General information about Swiss cheese
From grass to cheese
One cow will eat approx. 50 - 70 kilos of grass and give around 251 litres of milk each day. Some animals produce even more than this. 10 - 12 litres of milk are needed to make one kilo of cheese. This means that one cow can "produce" approx. 2 kilos of cheese per day and will continue to do that for an average of 40 weeks a year.
Food safety and cheese quality
The Swiss food laws and the corresponding industry regulations oblige dairy producers, cheese manufacturers and cheese trading companies to introduce specific safety measures designed to guarantee food safety in their operations. In order to maintain the naturalness and purity of Swiss cream cheeses, soft cheeses, semi-hard and hard cheeses strict quality controls are carried out in accordance with EU guidelines.
Cheese as part of a healthy diet
Cheese is one of our most nutritious staple foods, along with milk and other dairy products.
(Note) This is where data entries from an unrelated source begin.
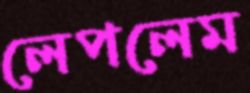
লেপলেম
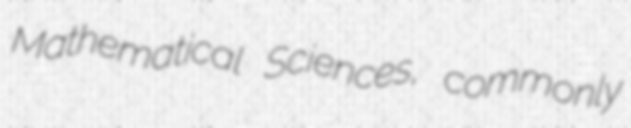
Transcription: Mathematical Sciences, commonly
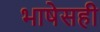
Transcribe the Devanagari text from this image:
भाषेसही
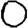
Digit: 0
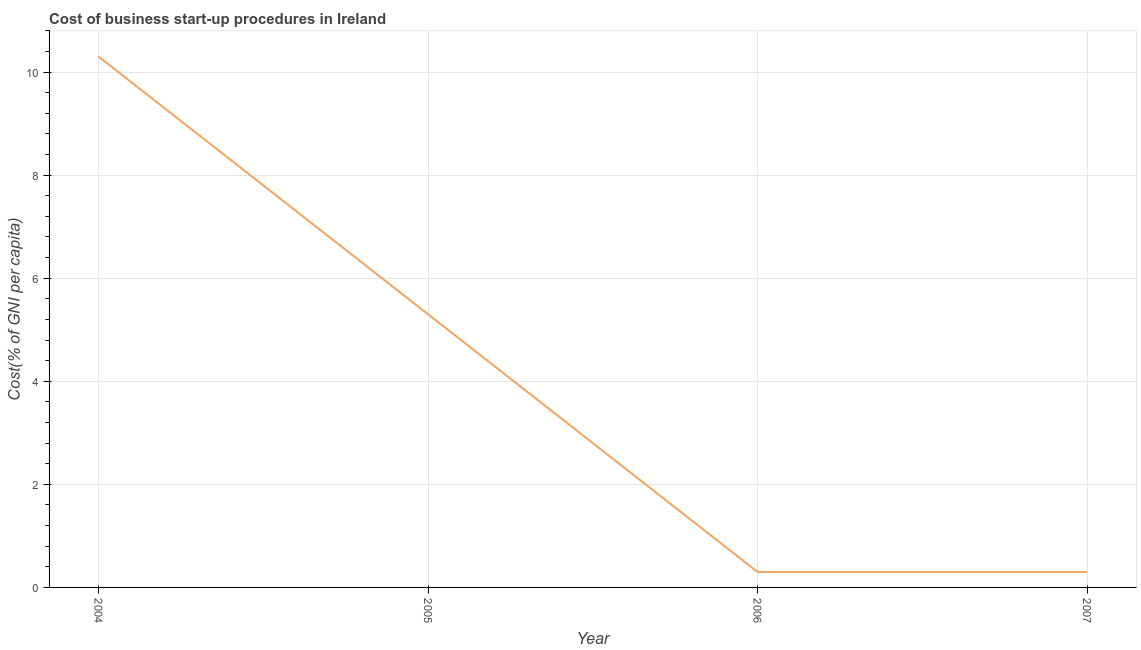
| Year | Cost |
 | --- | --- |
 | 2004 | 10.3 |
 | 2005 | 5.3 |
 | 2006 | 0.3 |
 | 2007 | 0.3 |
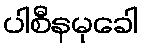
ပါစီနမုခေါ
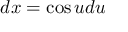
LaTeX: d x = \cos u d u
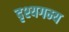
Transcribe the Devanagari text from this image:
दृश्यगम्य
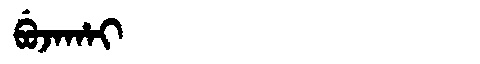
Manchu: ᠪᡠᠵᠠᡥᠠᡳ
Romanization: BUJAHAI
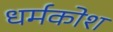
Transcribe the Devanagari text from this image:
धर्मकोश
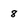
Character: 8
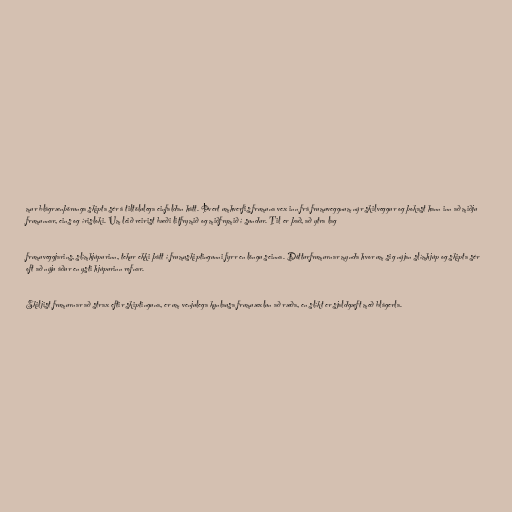
mur blágrænþörunga skipta sér á tiltölulega einfaldan hátt. Þvert umhverfis frumuna vex inn frá frumuveggnum nýr skilveggur og þokast hann inn að miðju
frumunnar, eins og írisloki. Um leið reirist bæði litfrymið og miðfrymið í sundur. Til er það, að ytra lag

frumuveggjarins, slímhjúpurinn, tekur ekki þátt í frumuskiptingunni fyrr en löngu seinna. Dótturfrumurnar mynda hvor um sig nýjan slímhjúp og skipta sér
oft að nýju áður en ysti hjúpurinn rofnar.

Skiljist frumurnar að strax eftir skiptinguna, er um venjulega kynlausa frumuæxlun að ræða, en slíkt er sjaldgæft með blágerla.
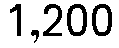
1,200
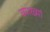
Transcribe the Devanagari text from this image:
व्याख्यां
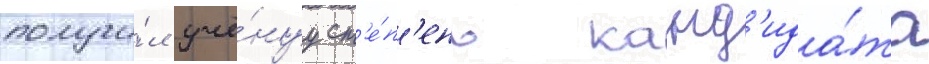
получи́л учё́нуу ст'е́п'ень канд'ида́та
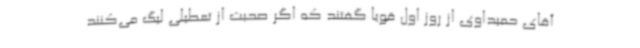
آقای حمیداوی از روز اول قویا گفتند که اگر صحبت از تعطیلی لیگ می‌کنند
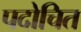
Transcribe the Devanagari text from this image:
पदोचित
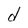
Character: d
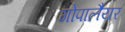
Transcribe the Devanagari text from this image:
गोपालैयर
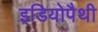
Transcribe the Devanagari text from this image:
इडियोपैथी
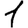
Digit: 1
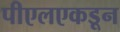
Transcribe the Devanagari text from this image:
पीएलएकडून
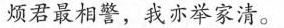
烦君最相警，我亦举家清。
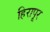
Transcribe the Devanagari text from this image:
हिरापूर
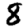
Digit: 8
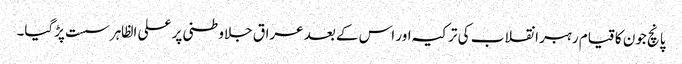
پانچ جون کا قیام رہبر انقلاب کی ترکیہ اور اس کے بعد عراق جلاوطنی پر علی الظاہر سست پڑگیا۔
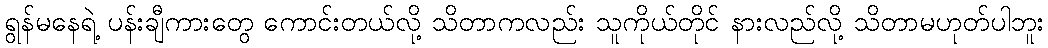
ရွန်မနေရဲ့ ပန်းချီကားတွေ ကောင်းတယ်လို့ သိတာကလည်း သူကိုယ်တိုင် နားလည်လို့ သိတာမဟုတ်ပါဘူး
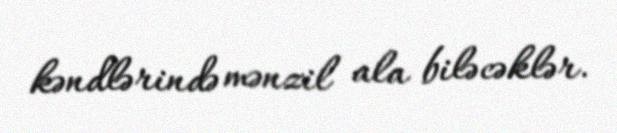
kəndlərində mənzil ala biləcəklər.
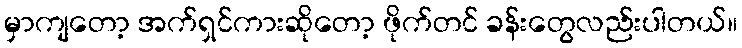
မှာကျတော့ အက်ရှင်ကားဆိုတော့ ဖိုက်တင် ခန်းတွေလည်းပါတယ်။
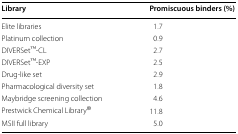
<table><thead><tr><td><b>Library</b></td><td><b>Promiscuous binders (%)</b></td></tr></thead><tbody><tr><td>Elite libraries</td><td>1.7</td></tr><tr><td>Platinum collection</td><td>0.9</td></tr><tr><td>DIVERSetTM-CL</td><td>2.7</td></tr><tr><td>DIVERSetTM-EXP</td><td>2.5</td></tr><tr><td>Drug-like set</td><td>2.9</td></tr><tr><td>Pharmacological diversity set</td><td>1.8</td></tr><tr><td>Maybridge screening collection</td><td>4.6</td></tr><tr><td>Prestwick Chemical Library<sup>®</sup></td><td>11.8</td></tr><tr><td>MSII full library</td><td>5.0</td></tr></tbody></table>
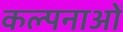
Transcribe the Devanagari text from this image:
कल्‍पनाओं
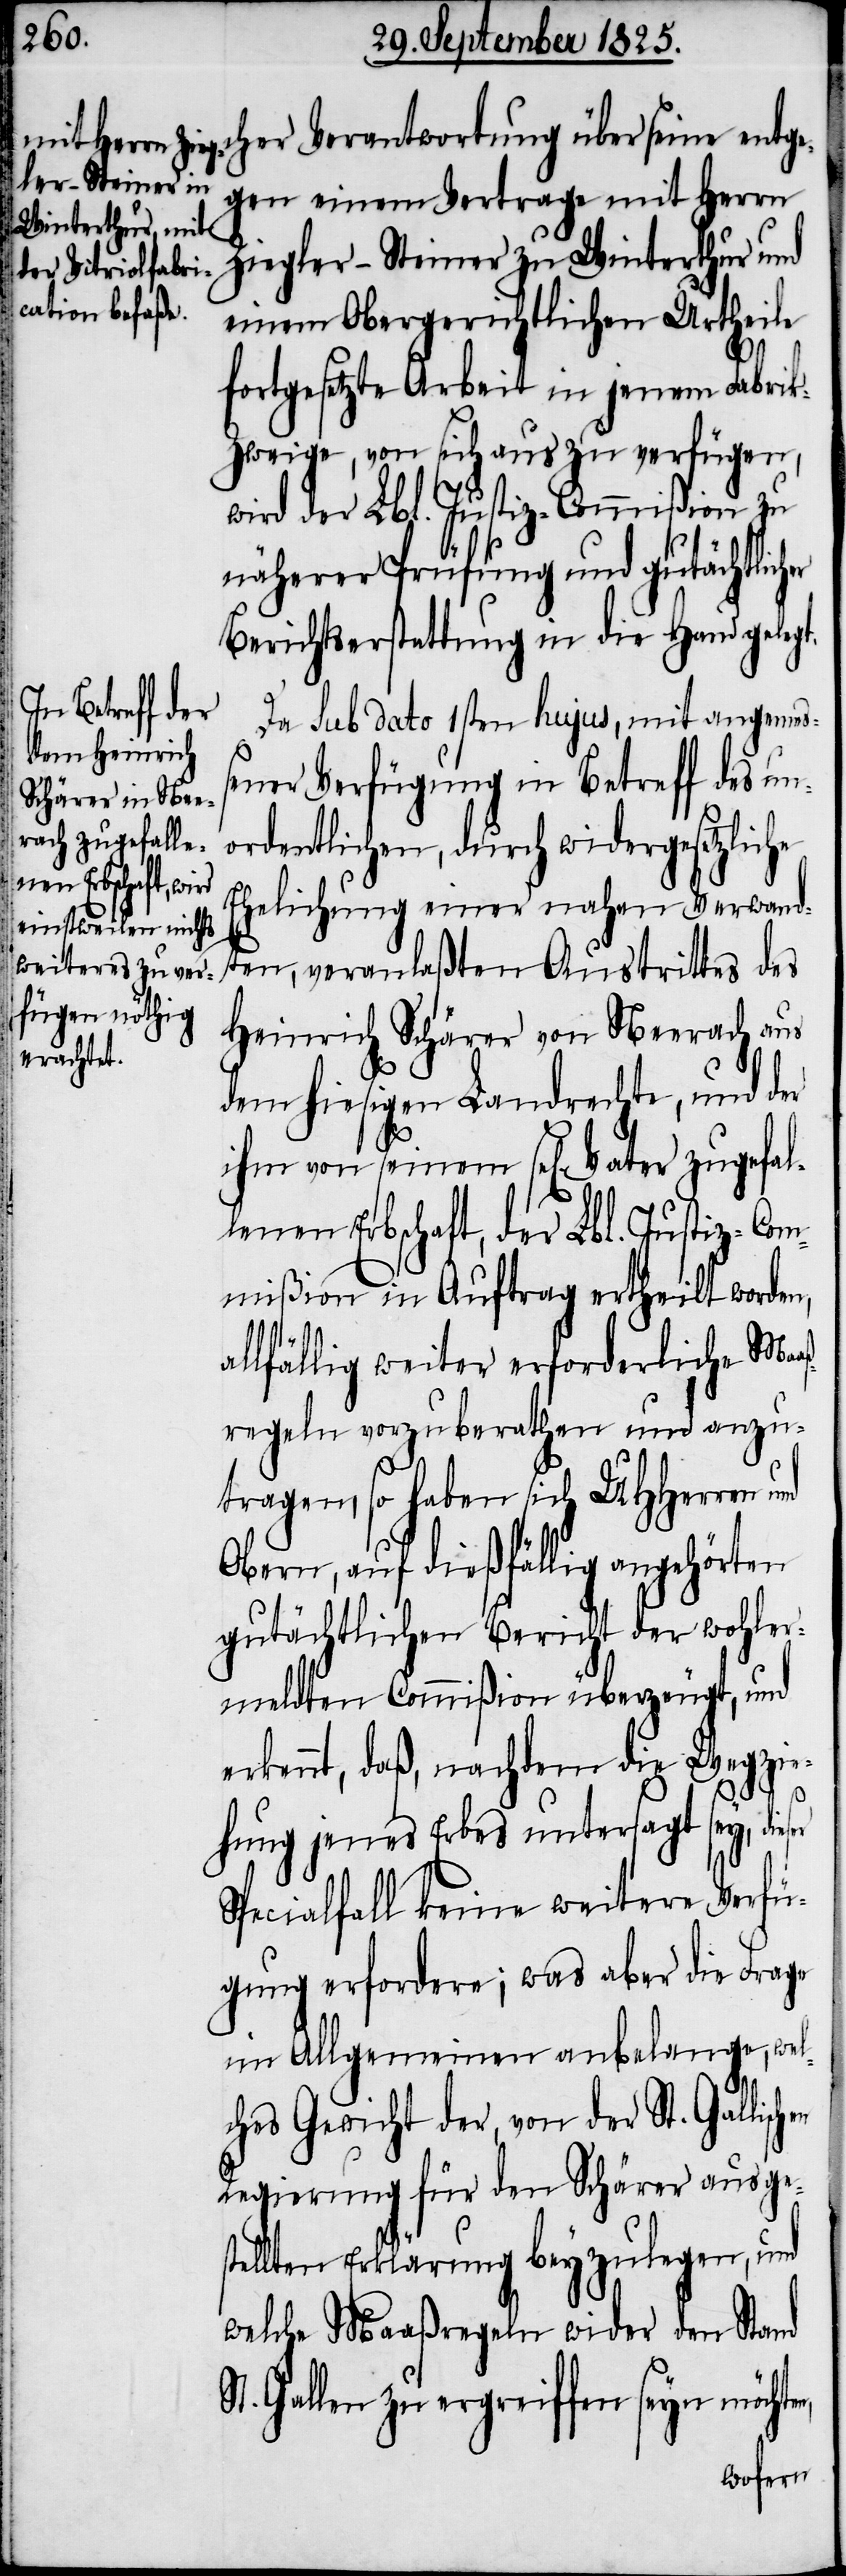
cher Verantwortung über seine entge¬
gen einem Vertrage mit Herrn
Ziegler-Steiner zu Winterthur und
einem Obergerichtlichen Urtheile
n,
fortgesetzte Arbeit in jenem Fabri¬
k-Zweige, von sich aus zu verfügen,
wird der Lbl. Justiz-Commißion zu
näherer Prüfung und gutächtlicher
Berichtserstattung in die Hand gelegt.
Da Sub dato 1sten hujus, mit angemes¬
sener Verfügung in Betreff des un¬
ordentlichen, durch wiedergesetzliche
Ehelichung einer nahen Verwand¬
ten, veranlaßten Austrittes des
Heinrich Schärer von Nerrach aus
dem hiesigen Landrechte, und der
ihm von seinem sel[igen] Vater zugefal¬
lenen Erbschaft, der Lbl. Justiz-Com¬
mißion in Auftrag ertheilt worden,
allfällig weiter erforderliche Maaß¬
regeln vorzuberathen und anzu¬
tragen, so haben sich UHHerren
Obern, auf dießfällig angehörten
gutächtlichen Bericht der wohler¬
meldten Commißion überzeugt, und
erkennt, daß, nachdem die Wegzie¬
hen
hung jenes Erbes untersagt sey, die¬
Specialfall keine weitere Verfü¬
gung erfordere, was aber die Frage
in Allgemeinen anbelange, wel¬
ches Gewicht der, von der St. Gallisc¬
Regierung für den Schärer ausges¬
tellten Erklärung beyzulegen, und
welche Maaßregeln wider den Stand
Gallen zu ergreiffen seyn möchte¬

It contains a lot of high value protein, easily digestible fat and numerous vitamins and minerals. Cheese is particularly important as a source of calcium.
No other food delivers as much of this particular mineral, which is so crucial for healthy bones and teeth. Just 40 g of semi-hard cheese or 50 g of soft cheese delivers around a quarter of an adult's daily calcium requirements.
How should cheese be stored?
When pieces of cheese are well wrapped they can be kept fresh in the refrigerator for a long time. One good solution is to wrap each piece of cheese in foil or cling film and place it in a well sealed plastic container. Vacuum packed cheese can be kept in this way once the original packaging has been opened.
Soft cheese is normally kept in the fridge in its original packaging. To see how ripe it is, simply press your finger gently into the middle of the cheese. In its early stages it will still be quite firm but as it ripens it will become soft and runny. Storing the cheese at room temperature will speed up the ripening process.
In order to allow the cheese to develop its full aroma it should be taken out of the fridge approx. 1 hour before serving (except in the case of cream cheese). However, the cheese should only be unwrapped just before it is due to be eaten so that it does not dry out.
"WFF" and "F/DM"
The main factor in classifying the hardness of a cheese is its water content. The more water contained in a cheese, the softer it will be. Conversely, the more dry matter there is in a cheese, the harder its consistency. The dry matter is comprised of fat, protein, lactic acids and various salts, vitamins and enzymes.
In order to classify a cheese in the correct category for international trading purposes, a water fat free (WFF) analysis is done, which measures how much water the fat free matter of the cheese contains.
Water evaporates as the cheese is stored. The fat content is therefore not related to 100 g cheese but to the percentage of fat in the dry matter (F/DM).